I think you are now a convert. Welcome to the club. :thumbsup:


----------



## Paul W Gillespie (Jul 7, 2011)

I have used a bunch of sandpaper. I now have two plane irons sharp. The backs of all four of my Narex chisels are flat and two are done being sharpened, I think. I honed them down to 2500 grit sandpaper. Do they need more? They seem pretty sharp. I test them on some scrap poplar, I know it is not oak, but it sliced it pretty good. I think I need a bulk supplier of sandpaper. The scary sharp system can be as costly as some good stones. I wonder if I should slowly invest in some diamond stones?


----------



## firemedic (Dec 26, 2010)

Paul W Gillespie said:


> I have used a bunch of sandpaper. I now have two plane irons sharp. The backs of all four of my Narex chisels are flat and two are done being sharpened, I think. I honed them down to 2500 grit sandpaper. Do they need more? They seem pretty sharp.

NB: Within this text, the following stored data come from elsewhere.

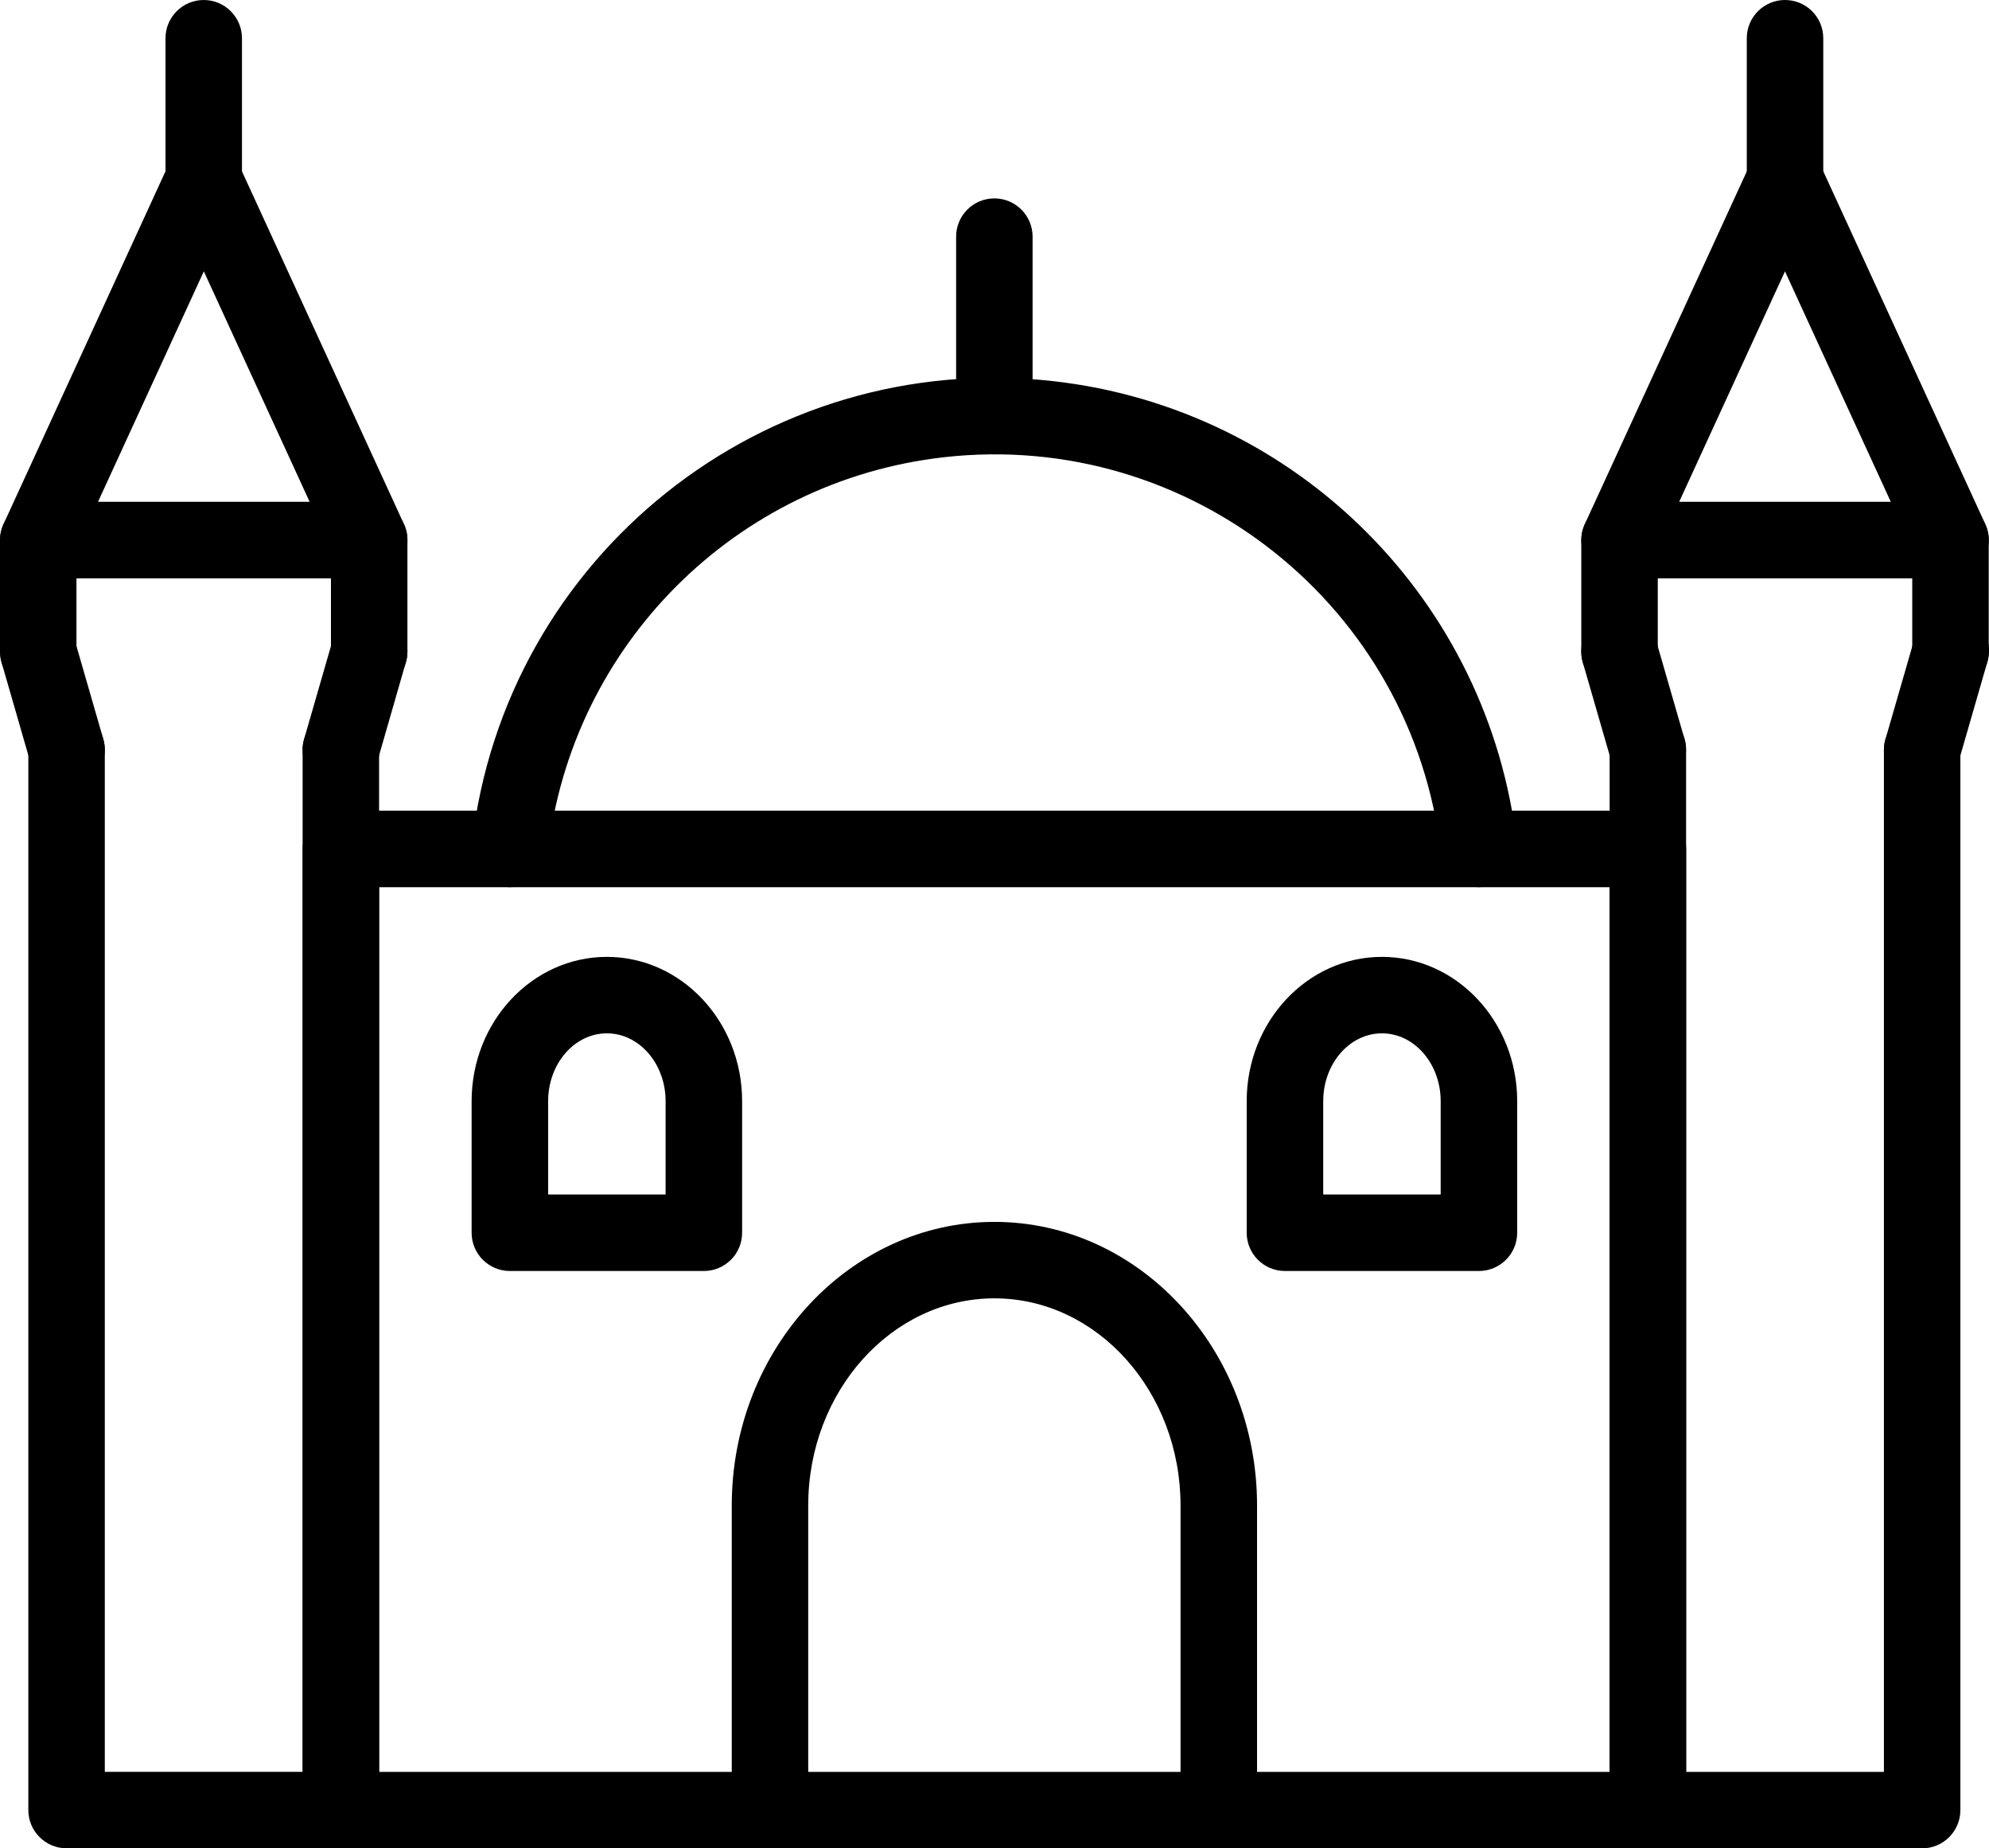<?xml version="1.0" encoding="UTF-8"?>
<svg xmlns="http://www.w3.org/2000/svg" id="Layer_2" data-name="Layer 2" viewBox="0 0 426.04 395.95">
  <defs>
    <style>
      .cls-1 {
        stroke-width: 0px;
      }
    </style>
  </defs>
  <g id="Layer_1-2" data-name="Layer 1">
    <g>
      <path class="cls-1" d="m261.06,395.94c-4.52,0-8.19-3.67-8.19-8.19v-65.23c0-24.47-17.89-44.39-39.87-44.39s-39.88,19.91-39.88,44.39v65.23c0,4.52-3.67,8.19-8.19,8.19s-8.19-3.67-8.19-8.19v-65.23c0-33.51,25.24-60.77,56.26-60.77s56.26,27.26,56.26,60.77v65.23c0,4.52-3.67,8.19-8.19,8.19Z"></path>
      <path class="cls-1" d="m316.78,272.27h-41.55c-4.52,0-8.19-3.67-8.19-8.19v-28.19c0-17.05,12.99-30.91,28.97-30.91s28.97,13.86,28.97,30.91v28.19c0,4.52-3.67,8.19-8.19,8.19h0Zm-33.36-16.38h25.17v-20c0-8.01-5.63-14.53-12.58-14.53s-12.58,6.52-12.58,14.53v20Z"></path>
      <path class="cls-1" d="m150.76,272.27h-41.55c-4.52,0-8.19-3.67-8.19-8.19v-28.19c0-17.05,12.99-30.91,28.97-30.91s28.97,13.86,28.97,30.91v28.19c0,4.52-3.67,8.19-8.19,8.19Zm-33.36-16.38h25.17v-20c0-8.01-5.63-14.53-12.58-14.53s-12.58,6.52-12.58,14.53v20Z"></path>
      <path class="cls-1" d="m411.73,395.95h-58.76c-4.52,0-8.19-3.67-8.19-8.19v-227.16c0-4.52,3.67-8.19,8.19-8.19s8.19,3.67,8.19,8.19v218.97h42.37v-218.94c0-4.52,3.67-8.19,8.19-8.19s8.19,3.67,8.19,8.19v227.13c0,4.52-3.67,8.19-8.19,8.19Z"></path>
      <path class="cls-1" d="m352.96,168.79c-3.65,0-6.86-2.41-7.87-5.91l-6.07-21.02c-1.25-4.35,1.26-8.89,5.6-10.14s8.89,1.26,10.14,5.6l6.06,20.99c1.26,4.34-1.23,8.89-5.58,10.15-.74.22-1.51.33-2.29.33h0Z"></path>
      <path class="cls-1" d="m411.73,168.82c-.77,0-1.53-.11-2.27-.32-4.35-1.25-6.86-5.79-5.6-10.14,0,0,0,0,0,0l6.07-21.03c1.15-4.38,5.63-6.99,10.01-5.84,4.38,1.15,6.99,5.63,5.84,10.01-.03.12-.07.24-.11.37l-6.07,21.04c-1.01,3.51-4.22,5.92-7.87,5.92h0Z"></path>
      <path class="cls-1" d="m417.79,147.8c-4.52,0-8.19-3.67-8.19-8.19v-15.71h-54.51v15.71c0,4.52-3.67,8.19-8.19,8.19s-8.19-3.67-8.19-8.19v-23.91c0-4.52,3.67-8.19,8.19-8.19h70.89c4.52,0,8.19,3.67,8.19,8.19v23.91c0,4.52-3.67,8.19-8.19,8.19Z"></path>
      <path class="cls-1" d="m417.79,123.89h-70.89c-4.52,0-8.19-3.67-8.19-8.19,0-1.18.26-2.35.75-3.42l35.45-77.2c1.89-4.11,6.75-5.91,10.86-4.03,1.78.82,3.21,2.25,4.03,4.03l35.45,77.2c1.89,4.11.09,8.98-4.02,10.86-1.07.49-2.24.75-3.42.75Zm-58.12-16.38h45.34l-22.67-49.38-22.67,49.38Z"></path>
      <path class="cls-1" d="m382.35,46.69c-4.52,0-8.19-3.67-8.19-8.19V8.2C374.15,3.67,377.82,0,382.35,0s8.19,3.67,8.19,8.19v30.3c0,4.52-3.67,8.19-8.19,8.19Z"></path>
      <path class="cls-1" d="m73.01,395.94H14.26c-4.52,0-8.19-3.67-8.19-8.19v-227.15c0-4.52,3.67-8.19,8.19-8.19s8.19,3.67,8.19,8.19v218.96h42.37v-218.96c0-4.52,3.67-8.19,8.19-8.19s8.19,3.67,8.19,8.19v227.15c0,4.52-3.67,8.19-8.19,8.19Z"></path>
      <path class="cls-1" d="m14.25,168.79c-3.65,0-6.86-2.42-7.87-5.92L.32,141.85c-1.15-4.38,1.46-8.86,5.84-10.01,4.23-1.11,8.59,1.3,9.9,5.47l6.07,21.02c1.25,4.35-1.25,8.89-5.6,10.14,0,0,0,0,0,0-.74.21-1.5.32-2.27.32Z"></path>
      <path class="cls-1" d="m73.02,168.79c-4.52,0-8.19-3.66-8.2-8.19,0-.77.11-1.54.32-2.28l6.07-21.03c1.25-4.35,5.79-6.86,10.14-5.6s6.86,5.79,5.6,10.14h0l-6.06,21.06c-1.02,3.5-4.23,5.91-7.88,5.9h0Z"></path>
      <path class="cls-1" d="m79.08,147.8c-4.52,0-8.19-3.67-8.19-8.19v-15.71H16.38v15.71c0,4.52-3.67,8.19-8.19,8.19S0,144.13,0,139.61v-23.91c0-4.52,3.67-8.19,8.19-8.19h70.89c4.52,0,8.19,3.67,8.19,8.19v23.91c0,4.52-3.67,8.19-8.19,8.19Z"></path>
      <path class="cls-1" d="m79.08,123.89H8.19C3.67,123.89,0,120.23,0,115.7c0-1.18.26-2.35.75-3.42L36.19,35.08c1.89-4.11,6.75-5.91,10.86-4.03,1.78.82,3.21,2.25,4.03,4.03l35.45,77.2c1.89,4.11.09,8.98-4.02,10.86-1.07.49-2.24.75-3.42.75Zm-58.09-16.38h45.34l-22.67-49.38-22.67,49.38Z"></path>
      <path class="cls-1" d="m43.64,46.69c-4.52,0-8.19-3.67-8.19-8.19V8.19c0-4.52,3.67-8.19,8.19-8.19s8.19,3.67,8.19,8.19v30.31c0,4.52-3.67,8.19-8.19,8.19Z"></path>
      <path class="cls-1" d="m352.97,395.95H73.02c-4.52,0-8.19-3.67-8.19-8.19v-205.9c0-4.52,3.67-8.19,8.19-8.19h279.96c4.52,0,8.19,3.67,8.19,8.19v205.9c0,4.52-3.67,8.19-8.19,8.19Zm-271.76-16.38h263.57v-189.51H81.21v189.51Z"></path>
      <path class="cls-1" d="m316.77,190.05c-4.17,0-7.67-3.15-8.13-7.29-5.98-52.82-53.66-90.79-106.48-84.81-44.58,5.05-79.76,40.23-84.81,84.81-.5,4.5-4.55,7.74-9.04,7.24-4.5-.5-7.74-4.55-7.24-9.04,6.97-61.82,62.73-106.28,124.55-99.31,52.22,5.89,93.42,47.1,99.31,99.31.5,4.5-2.75,8.55-7.24,9.04,0,0,0,0,0,0-.3.03-.61.05-.91.05h0Z"></path>
      <path class="cls-1" d="m212.99,89.18c-4.52,0-8.19-3.67-8.19-8.19v-30.3c0-4.52,3.67-8.19,8.19-8.19s8.19,3.67,8.19,8.19v30.3c0,4.52-3.67,8.19-8.19,8.19Z"></path>
    </g>
  </g>
</svg>

I test them on some scrap poplar, I know it is not oak, but it sliced it pretty good. I think I need a bulk supplier of sandpaper. The scary sharp system can be as costly as some good stones. I wonder if I should slowly invest in some diamond stones?


Great, Paul!

One other advantage to the lubrication is the paper tends to last longer :thumbup:


----------



## Dave Paine (May 30, 2012)

Paul W Gillespie said:


> I have used a bunch of sandpaper. I now have two plane irons sharp. The backs of all four of my Narex chisels are flat and two are done being sharpened, I think. I honed them down to 2500 grit sandpaper. Do they need more? They seem pretty sharp. I test them on some scrap poplar, I know it is not oak, but it sliced it pretty good. I think I need a bulk supplier of sandpaper. The scary sharp system can be as costly as some good stones. I wonder if I should slowly invest in some diamond stones?


You need to decide how "sharp" is "sharp enough".

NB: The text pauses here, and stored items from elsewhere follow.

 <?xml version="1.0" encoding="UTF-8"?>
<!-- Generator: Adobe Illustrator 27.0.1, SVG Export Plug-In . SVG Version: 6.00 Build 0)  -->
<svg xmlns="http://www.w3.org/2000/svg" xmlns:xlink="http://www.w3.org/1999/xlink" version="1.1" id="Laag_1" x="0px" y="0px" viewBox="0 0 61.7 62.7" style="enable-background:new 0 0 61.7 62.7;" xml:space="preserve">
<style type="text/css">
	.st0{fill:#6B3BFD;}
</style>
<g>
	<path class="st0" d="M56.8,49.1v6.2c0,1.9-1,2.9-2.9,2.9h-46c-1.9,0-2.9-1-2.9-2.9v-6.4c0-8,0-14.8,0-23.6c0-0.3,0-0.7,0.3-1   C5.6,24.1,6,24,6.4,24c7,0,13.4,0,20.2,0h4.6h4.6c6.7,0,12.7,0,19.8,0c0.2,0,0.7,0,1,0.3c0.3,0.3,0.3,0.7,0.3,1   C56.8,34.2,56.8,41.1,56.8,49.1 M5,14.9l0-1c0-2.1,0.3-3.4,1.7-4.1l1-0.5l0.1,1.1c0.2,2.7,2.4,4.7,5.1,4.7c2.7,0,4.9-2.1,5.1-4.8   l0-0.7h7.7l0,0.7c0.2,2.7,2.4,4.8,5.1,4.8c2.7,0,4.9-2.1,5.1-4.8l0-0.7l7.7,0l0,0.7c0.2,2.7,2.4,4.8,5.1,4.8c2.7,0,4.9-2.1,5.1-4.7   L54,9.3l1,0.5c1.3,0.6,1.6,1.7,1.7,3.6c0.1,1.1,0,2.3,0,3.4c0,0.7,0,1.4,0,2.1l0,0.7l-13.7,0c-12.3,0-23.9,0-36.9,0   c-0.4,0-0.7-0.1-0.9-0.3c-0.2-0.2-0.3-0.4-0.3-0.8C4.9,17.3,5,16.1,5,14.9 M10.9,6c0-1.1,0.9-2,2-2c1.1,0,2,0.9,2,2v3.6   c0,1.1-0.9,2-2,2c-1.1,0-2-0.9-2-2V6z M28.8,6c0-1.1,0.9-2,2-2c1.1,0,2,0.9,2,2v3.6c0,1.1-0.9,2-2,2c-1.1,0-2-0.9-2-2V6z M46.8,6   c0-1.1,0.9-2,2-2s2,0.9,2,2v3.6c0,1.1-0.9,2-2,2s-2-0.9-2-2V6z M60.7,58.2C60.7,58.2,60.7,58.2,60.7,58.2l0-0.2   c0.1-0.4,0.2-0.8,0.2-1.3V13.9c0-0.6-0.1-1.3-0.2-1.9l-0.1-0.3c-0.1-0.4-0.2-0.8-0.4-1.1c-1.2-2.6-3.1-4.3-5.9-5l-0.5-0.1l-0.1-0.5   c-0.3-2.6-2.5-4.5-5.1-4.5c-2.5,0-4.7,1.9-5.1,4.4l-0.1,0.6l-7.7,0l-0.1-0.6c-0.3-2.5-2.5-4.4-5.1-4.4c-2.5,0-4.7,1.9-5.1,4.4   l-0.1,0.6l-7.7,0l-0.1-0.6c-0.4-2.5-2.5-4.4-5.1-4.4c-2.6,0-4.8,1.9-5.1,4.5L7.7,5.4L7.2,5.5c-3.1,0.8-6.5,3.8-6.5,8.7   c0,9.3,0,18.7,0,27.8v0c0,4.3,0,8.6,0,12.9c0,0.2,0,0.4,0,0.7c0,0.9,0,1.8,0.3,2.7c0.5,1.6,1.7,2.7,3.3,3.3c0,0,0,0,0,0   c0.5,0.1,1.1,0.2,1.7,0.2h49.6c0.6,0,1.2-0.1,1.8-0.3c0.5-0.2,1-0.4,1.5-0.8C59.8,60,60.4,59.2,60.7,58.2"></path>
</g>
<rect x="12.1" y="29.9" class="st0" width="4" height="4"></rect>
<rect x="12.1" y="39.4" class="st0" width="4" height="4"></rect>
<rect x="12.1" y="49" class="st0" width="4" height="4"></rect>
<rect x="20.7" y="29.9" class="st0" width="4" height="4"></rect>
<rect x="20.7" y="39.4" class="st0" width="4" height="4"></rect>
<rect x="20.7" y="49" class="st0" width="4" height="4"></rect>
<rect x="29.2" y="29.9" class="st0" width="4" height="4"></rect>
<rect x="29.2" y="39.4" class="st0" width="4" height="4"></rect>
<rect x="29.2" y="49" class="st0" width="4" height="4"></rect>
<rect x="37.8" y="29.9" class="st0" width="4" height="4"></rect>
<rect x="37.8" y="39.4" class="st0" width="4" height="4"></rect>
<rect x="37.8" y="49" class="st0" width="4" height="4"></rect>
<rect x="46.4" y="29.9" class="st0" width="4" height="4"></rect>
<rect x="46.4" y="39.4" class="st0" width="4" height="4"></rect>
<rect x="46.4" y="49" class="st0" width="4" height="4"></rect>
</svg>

On many sites, including this one, it is easy to start the proverbial "bar fight" based on what constitutes "sharp".

You need to decide how sharp you want to make your cutting edge.

Extremely sharp edges will look good. I expect they will not stay this sharp for long.

I do not want to start a debate, since this is a personal opinion. No right and no wrong.

I personally sharpen to 600 grit. Not considered "scary sharp", but for my use, it is sharp enough, and easy to replace the edge.

You should make your own choice.


----------



## Paul W Gillespie (Jul 7, 2011)

Thanks Dave, Tom and the rest of you folks. For now 2500 grit is sharp enough for me. I am new to this, this being sharpening and even using chisels and planes. Once I get into the actual practice of using these tools on a project, I will see if 2500 is sharp enough. If not I will sharpen more next time. I have no set position on sharpening, yet.


----------



## firemedic (Dec 26, 2010)

Oh, I forgot to tell you, I go up to 2,500x as well... then over to the buffing compound!...


----------



## ftk (May 9, 2012)

I have a 12"x30" piece of 3/8" plate glass. This way I can fit 3 full sheets of paper next to each other, which really helps when lapping plane soles (doing a #7 on one sheet? no thank you). On the bottom of the glass I glued 1/4" cork which keeps it from sliding all over the place. When sharpening I go up to 1500 grit currently, plenty of sharp to shave with. 600 grit and up I use wet/dry sandpaper, and lubricate with a bit of WD40. Makes the paper last a lot longer. Maybe one of these days I'll go beyond 1500, but the paper is pretty pricey and if I were to spend $200 on paper off the bat I may as well have bought one of them work sharps I hear so much about...


----------



## Billy De (Jul 19, 2009)

Paul you raise a good point on the amount and cost of wet and dry paper you can use on fettling sharp edge tools.
I made the decision some years ago to go the Tormek route,I`m not saying this is what any one else should do ,it just made more sense for me.

Even with this machine you still have to flatten the back of a chisel or plane iron (BTW what most people call the back of a chisel is in fact the face,but thats no big deal).

After being on the machine I flatten the tools on water stones to remove the wire edge I guess you know about that rout all ready.

Just a heads up and MHO when fettling old steel the chances are you wont know who owned the tool before you,I`v heard people complain about the quality of the steel having the consistency of green cheese you know the edge turning back or crumbling.

In that case it could be that the edge has been blued out, when being ground, to much heat has been put into the tool causing the steel to go blue in colour and loose its temper. 

Some will just grind the blue out and go from there but JMHO the damage goes further back than that and the only answer is to take it back to the grind stone and take the steel further back, trial and error really.

A question was asked about the flattening of the sole of the plane,this is just the way I do it and I`m not saying its the way every one should do it.

Before I do any thing with the plane I will fettle the iron and plane a piece of wood face side and face edge and then examen the results if I`m not happy with it I back the iron out clear of the mouth fasten the plane up side down in a vice and mark it with a pencil from side to side and start to flatten it with a diamond stone.

By doing this you can see just what's going on,some times the front or back of the plane has had a few knocks and this may cause the steel here to turn back a little and that can soon be sorted.

If it is to bad and this may cause hair to stand on end or screams of shock and horror,I`ll take it to a bench belt sander and start grinding the sole checking all the time that not to much heat is going into the plane pausing regularly and that I`m grinding it flat and square all the time.

I leave every thing fastend on the plane because just by locking the cap down on some plans can cause it to flex.Take it back to the vice and finish it of with a diamond stone.

Just another heads up don't be tempted to fasten the locking cap down to much especially on block planes because over time this may cause cracks to appear at the mouth and drop that plane and the whole front end could drop off,don't ask me how I know that.

Sorry Paul I got a little carried a way with the post and a little of track but I hope I never bored any one. Billy


----------